Automated MR segmentation of skeletal muscle compartments (specifically the psoas and gluteus muscle compartments) using a nnU-Net architecture yielded state-of-the-art performance without requiring manual post-processing. Robust segmentation quality was demonstrated by low standard deviations in evaluation metrics derived from 20 randomly selected and manually annotated training datasets from the German National Cohort. Visual inspection of over 10,000 cases confirmed a low outlier rate. In this regard, our model outperformed prior methods, achieving a mean Dice Coefficient (DSC) ≥ 0.92 for both psoas and gluteus muscle compartments, compared to prior studies (e.g., Jung, M. et al., who reported DSC ≥ 0.91 for psoas, autochthonous and abdominal muscles). Previous studies have encountered limitations in accurately delineating skeletal muscle tissue potentially causing inaccurate quantification; for example, by including extra-muscular fat tissue around the spine, bone marrow, and parts of adjacent organs. In contrast, our approach employed standardized segmentation according to anatomical landmarks, improving consistency and minimizing oversegmentation. Given the model’s high confidence scores and manual validation, it can be directly applied to large-scale datasets, such as those in the German National Cohort.
This study confirms and extends results from earlier studies with smaller cohorts such as the KORA study [8]. The high spatial resolution of the MR data of the German National Cohort enabled automated 3D volumetric segmentation and detailed analysis of the spatial distribution of muscle mass along the cranio-caudal axis.
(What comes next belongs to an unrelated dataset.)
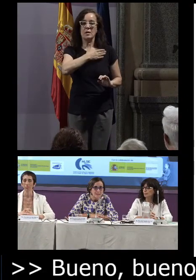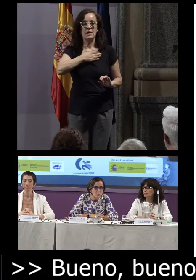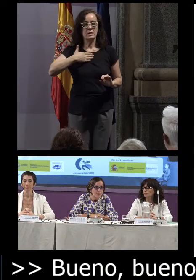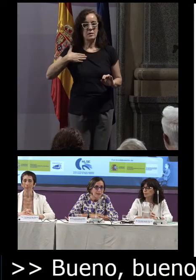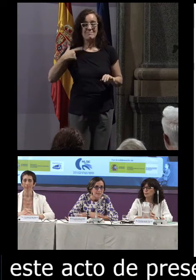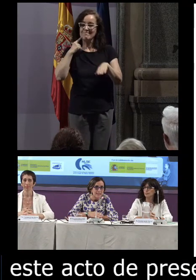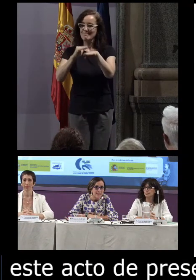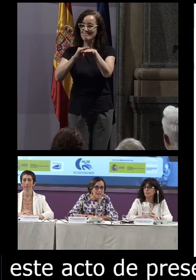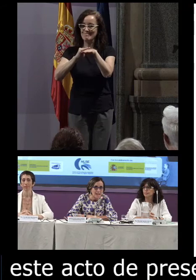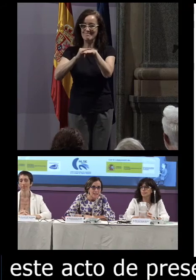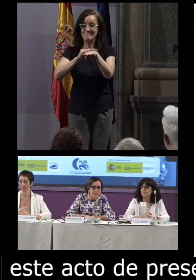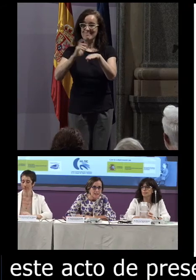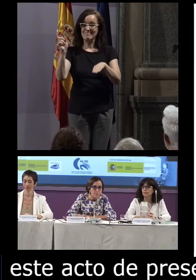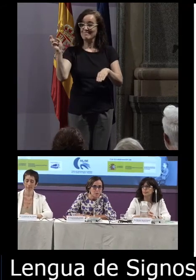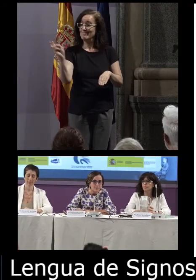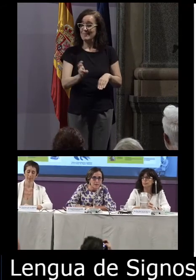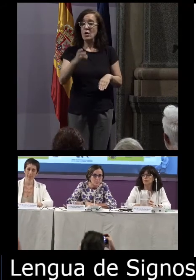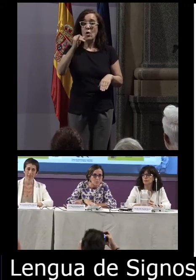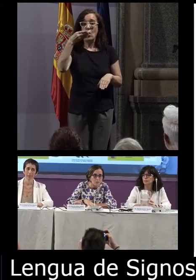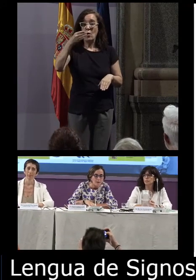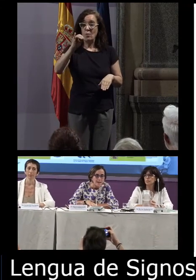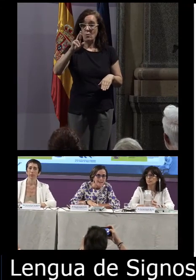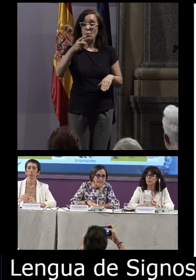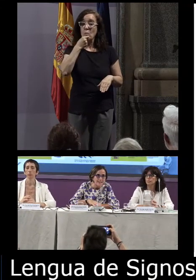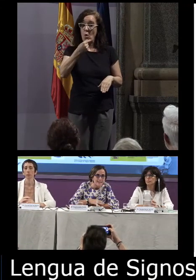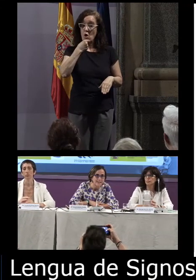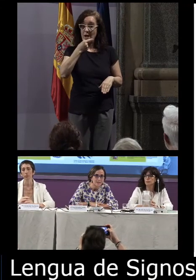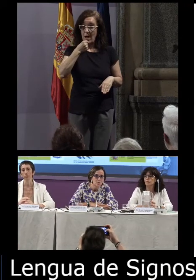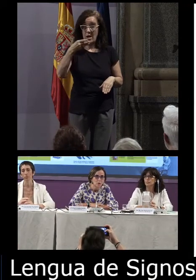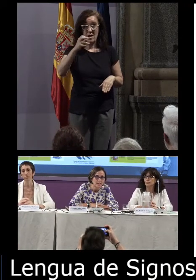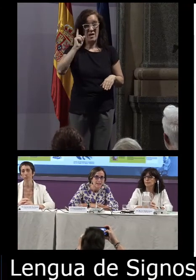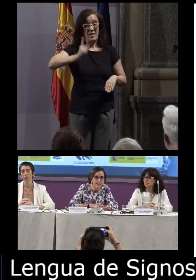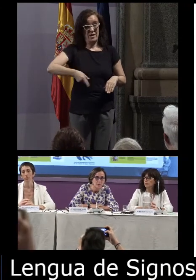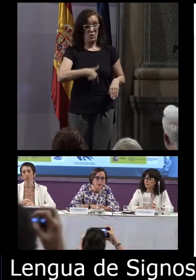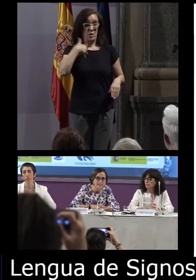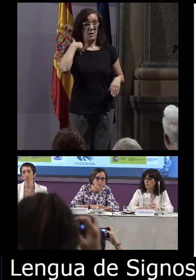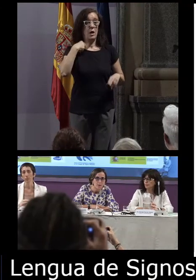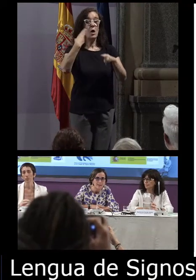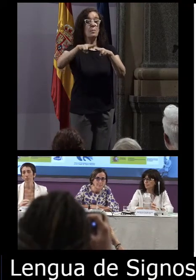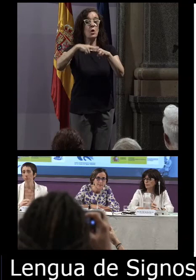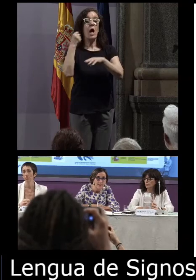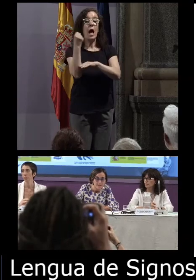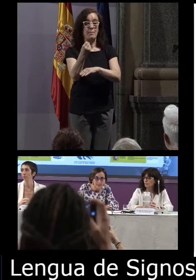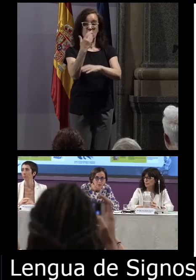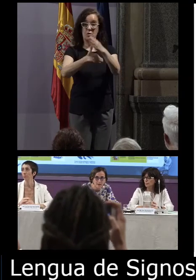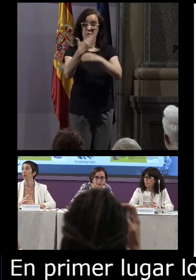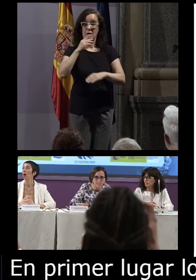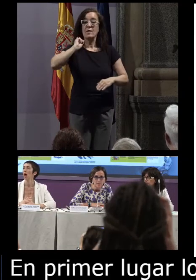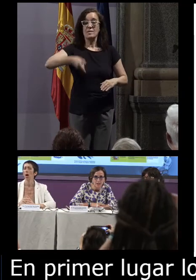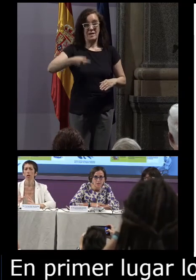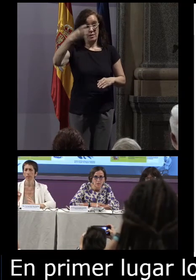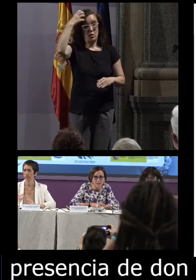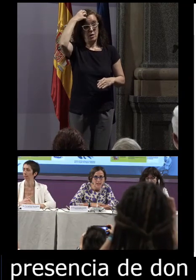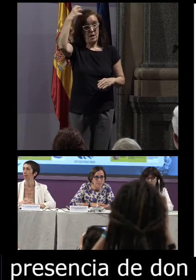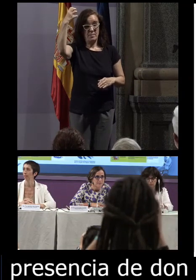es disculpar la presencia de don Borja Fanjul, el director general de Políticas de Apoyo a la Discapacidad y director del Real

The use of a consistent, high-quality imaging protocol and a uniform, large-scale dataset from the NAKO supports a nuanced understanding of how muscle mass varies with anthropometric traits, age, as well as gender.
This study has some limitations. First, only less than 5% of participants in the German National Cohort are non-Caucasians, which limits the generalizability of findings across ethnic groups. This is an important consideration given that skeletal muscle mass and distribution parameters can vary significantly across ethnic groups. For instance, studies have shown that individuals of Asian descent tend to have lower skeletal muscle mass compared to Caucasians, while African Americans often exhibit greater muscle mass and strength, which may affect the interpretation of normative values. Therefore, the normative values presented in this study primarily reflect a Central European/Caucasian population. Given the potential ethnic differences in muscle characteristics, caution is warranted when applying these values to non-Caucasian populations. In particular, the trained models for skeletal muscle mass and distribution may need to undergo transfer learning or re-training to account for the specific anatomical characteristics of Asian or African American populations. This will ensure that the models are generalizable and accurate when applied to diverse ethnic groups [18,19]. Second, this analysis did not include clinical variables associated with diseases (e.g., metabolic or laboratory parameters) or laboratory biomarkers; it was limited to anthropometric data and image-derived muscle mass. Also, absolute muscle CSA is inherently influenced by body size and height-related geometric scaling; therefore, normalized indices such as CSA/height2 may be preferable for cross-sectional comparisons across individuals of different stature, although this was not the primary focus of the present analysis. Third, due to the spatial resolution of 1.4 × 1.4 × 3 mm, partial volume effects at muscle boundaries may lead to underestimation of small muscle bundles, particularly in women and older individuals with reduced muscle mass, and may adversely affect Dice similarity metrics despite small absolute segmentation errors.
In conclusion, this study demonstrates that deep learning-based automated 3D segmentation of the psoas and gluteus muscle compartments enables fully automated and reliable quantification of skeletal muscle mass and distribution along the cranio-caudal axis from whole-body MRI. This method reveals new insights into the age-, gender-, and BMI-related distribution of skeletal muscle in a large, representative cohort.
In the future studies using 3D MRI from large cohorts will facilitate in-depth investigation of the associations between skeletal muscle mass and composition and cardiometabolic and musculoskeletal diseases, offering more clinically actionable perspectives.

Author Contributions

Conceptualization, L.S.K., F.B., B.Y. and F.S.; Methodology, L.S.K., M.W., S.P., F.B., B.Y. and F.S.; Software, L.S.K., M.W., S.P., M.F., T.K., B.Y. and F.S.; Validation, L.S.K., M.W., S.P., M.F., T.D.D., E.C., B.Y. and F.S.; Formal analysis, L.S.K., M.W., S.P., M.F., T.K., B.Y. and F.S.; Investigation, L.S.K., B.Y. and F.S.; Resources, L.S.K., F.B., K.N., B.Y. and F.S.; Data curation, L.S.K., M.W., T.D.D., B.Y. and F.S.; Writing—original draft, L.S.K., B.Y. and F.S.; Writing—review & editing, L.S.K., M.W., S.P., M.F., T.K., T.D.D., E.C., F.B., K.N., B.Y. and F.S.; Visualization, L.S.K., M.W., E.C., B.Y. and F.S.; Supervision, L.S.K., F.B., K.N., B.Y. and F.S.; Project administration, L.S.K., F.B., B.Y. and F.S.; Funding acquisition, L.S.K., F.B., K.N. and F.S. All authors have read and agreed to the published version of the manuscript.

Funding

This study is funded by the Deutsche Forschungsgemeinschaft (DFG, German Research Foundation)—4282 10203 (SPP 2177).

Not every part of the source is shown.